Source records:

● ● ●

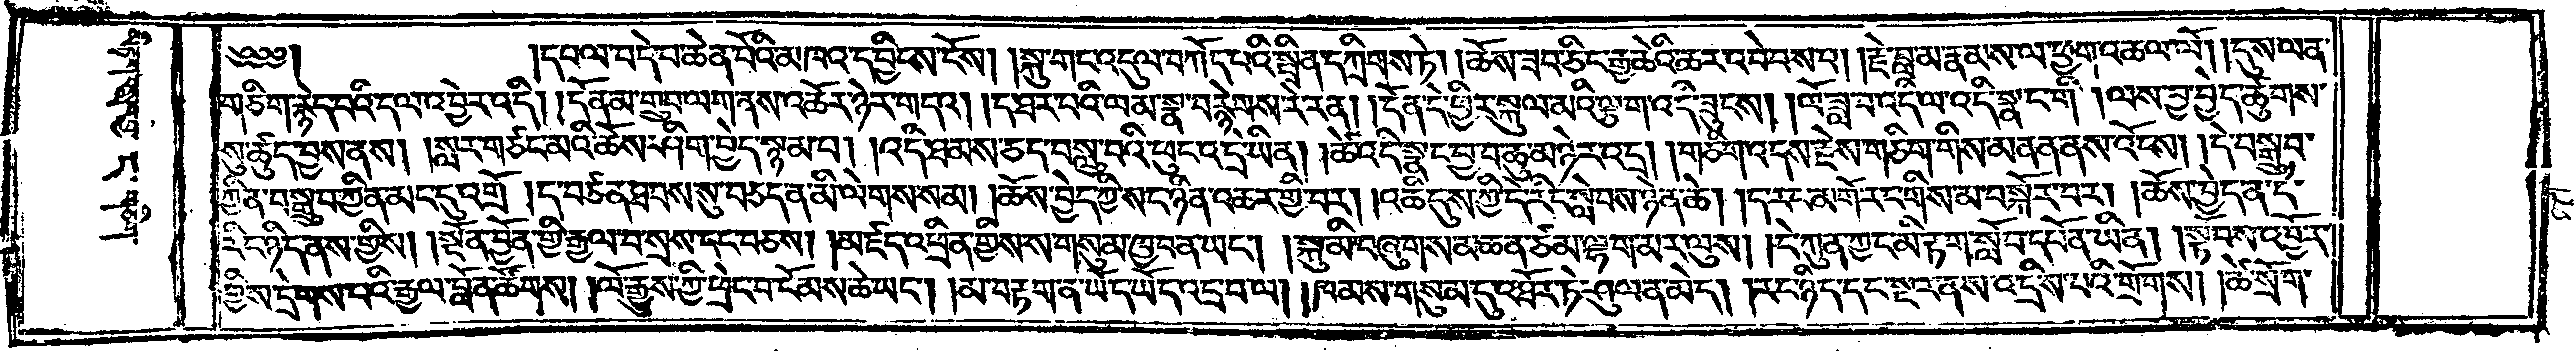༄༅༅། །དཔལ་བདེ་བ་ཆེན་པོའི་མཁའ་དབྱིངས་ངོས། །སྐུ་གང་འདུལ་བཀོད་པའི་སྤྲིན་དཀྲིགས་ཏེ། །ཆོས་ཟབ་ཅིང་རྒྱ་ཆེའི་ཆར་འབེབས་ལ། །རྗེ་བླ་མ་རྣམས་ལ་ཕྱག་འཚལ་ལོ། །དུས་ལན་
གཅིག་རྙེད་པའི་དལ་འབྱེར་འདི། །དོན་མ་གྲུབ་ལག་ནས་འཆོར་ཉེར་གདའ། །ད་ཐར་པའི་ལམ་སྣ་བརྙེགས་རེ་རན། །དོན་དེ་ཕྱིར་སྐུལ་མའི་ལྕག་འདི་ཟུངས། །ལོ་ཟླ་བ་འདི་ལ་འདི་སྣང་གི །ལས་བྱ་བྱེད་ཚུགས་
སུ་ཚུད་བྱས་ནས། །སླར་གཙང་མའི་ཆོས་ཤིག་བྱེད་སྙམ་པ། །འདི་ཐམས་ཅད་བསླུ་བའི་ཕུང་འདྲེ་ཡིན། །ཚེ་འདི་སྣང་བྱ་བ་ཆུ་མཉེར་འདྲ། །གཅིག་འདས་རྗེས་གཅིག་གིས་མནན་ནས་འོངས། །དེ་བསྒྲུབ་
ཀྱིན་བསྒྲུབ་ཀྱིན་མང་དུ་འགྲོ་།ད་བཙན་ཐབས་སུ་བཅད་ན་མི་ལེགས་སམ། །ཆོས་བྱེད་ཀྱི་སང་ཉིན་འཆར་གྱི་བར། །འཆི་དུས་ཀྱི་དེ་རིང་སླེབས་ཉེན་ཆེ། །ད་རང་མགོ་རང་གིས་མ་བསྐོར་བར། །ཆོས་བྱེད་ན་དེ་
རིང་ཉིད་ནས་གྱིས། །སྔོན་བྱོན་གྱི་རྒྱལ་བ་སྲས་དང་བཅས། །མཛད་འཕྲིན་གྱིས་ས་གསུམ་ཁྱབ་ན་ཡང་། །སྐུ་མི་བཞུགས་མཆན་ཙམ་ལྷག་མར་ལུས། །དེ་ཀུན་ཀྱང་མི་རྟག་སློབ་དཔོན་ཡིན། །སྟོབས་འབྱོར་
གྱིས་དྲེགས་པའི་རྒྱལ་བློན་ཚོགས། །ལོ་རྒྱུས་ཀྱི་ཕྲེང་བ་ངོམས་ཆེ་ཡང་། །མ་བརྟག་ན་ཡོད་ཡོད་འདྲ་བ་ལ། །ཁམས་གསུམ་དུ་འཐོར་ཏེ་ཤུལ་ན་མེད། །རང་ཉིད་དང་སྔར་ནས་འདྲིས་པའི་གྲོགས། །ཚེ་སྲོག་

● ● ●

TO DO: Your copy of the entries must be exact and must not include any of their pictures.

TASK OUTPUT:
༄༅༅། །དཔལ་བདེ་བ་ཆེན་པོའི་མཁའ་དབྱིངས་ངོས། །སྐུ་གང་འདུལ་བཀོད་པའི་སྤྲིན་དཀྲིགས་ཏེ། །ཆོས་ཟབ་ཅིང་རྒྱ་ཆེའི་ཆར་འབེབས་ལ། །རྗེ་བླ་མ་རྣམས་ལ་ཕྱག་འཚལ་ལོ། །དུས་ལན་
གཅིག་རྙེད་པའི་དལ་འབྱེར་འདི། །དོན་མ་གྲུབ་ལག་ནས་འཆོར་ཉེར་གདའ། །ད་ཐར་པའི་ལམ་སྣ་བརྙེགས་རེ་རན། །དོན་དེ་ཕྱིར་སྐུལ་མའི་ལྕག་འདི་ཟུངས། །ལོ་ཟླ་བ་འདི་ལ་འདི་སྣང་གི །ལས་བྱ་བྱེད་ཚུགས་
སུ་ཚུད་བྱས་ནས། །སླར་གཙང་མའི་ཆོས་ཤིག་བྱེད་སྙམ་པ། །འདི་ཐམས་ཅད་བསླུ་བའི་ཕུང་འདྲེ་ཡིན། །ཚེ་འདི་སྣང་བྱ་བ་ཆུ་མཉེར་འདྲ། །གཅིག་འདས་རྗེས་གཅིག་གིས་མནན་ནས་འོངས། །དེ་བསྒྲུབ་
ཀྱིན་བསྒྲུབ་ཀྱིན་མང་དུ་འགྲོ་།ད་བཙན་ཐབས་སུ་བཅད་ན་མི་ལེགས་སམ། །ཆོས་བྱེད་ཀྱི་སང་ཉིན་འཆར་གྱི་བར། །འཆི་དུས་ཀྱི་དེ་རིང་སླེབས་ཉེན་ཆེ། །ད་རང་མགོ་རང་གིས་མ་བསྐོར་བར། །ཆོས་བྱེད་ན་དེ་
རིང་ཉིད་ནས་གྱིས། །སྔོན་བྱོན་གྱི་རྒྱལ་བ་སྲས་དང་བཅས། །མཛད་འཕྲིན་གྱིས་ས་གསུམ་ཁྱབ་ན་ཡང་། །སྐུ་མི་བཞུགས་མཆན་ཙམ་ལྷག་མར་ལུས། །དེ་ཀུན་ཀྱང་མི་རྟག་སློབ་དཔོན་ཡིན། །སྟོབས་འབྱོར་
གྱིས་དྲེགས་པའི་རྒྱལ་བློན་ཚོགས། །ལོ་རྒྱུས་ཀྱི་ཕྲེང་བ་ངོམས་ཆེ་ཡང་། །མ་བརྟག་ན་ཡོད་ཡོད་འདྲ་བ་ལ། །ཁམས་གསུམ་དུ་འཐོར་ཏེ་ཤུལ་ན་མེད། །རང་ཉིད་དང་སྔར་ནས་འདྲིས་པའི་གྲོགས། །ཚེ་སྲོག་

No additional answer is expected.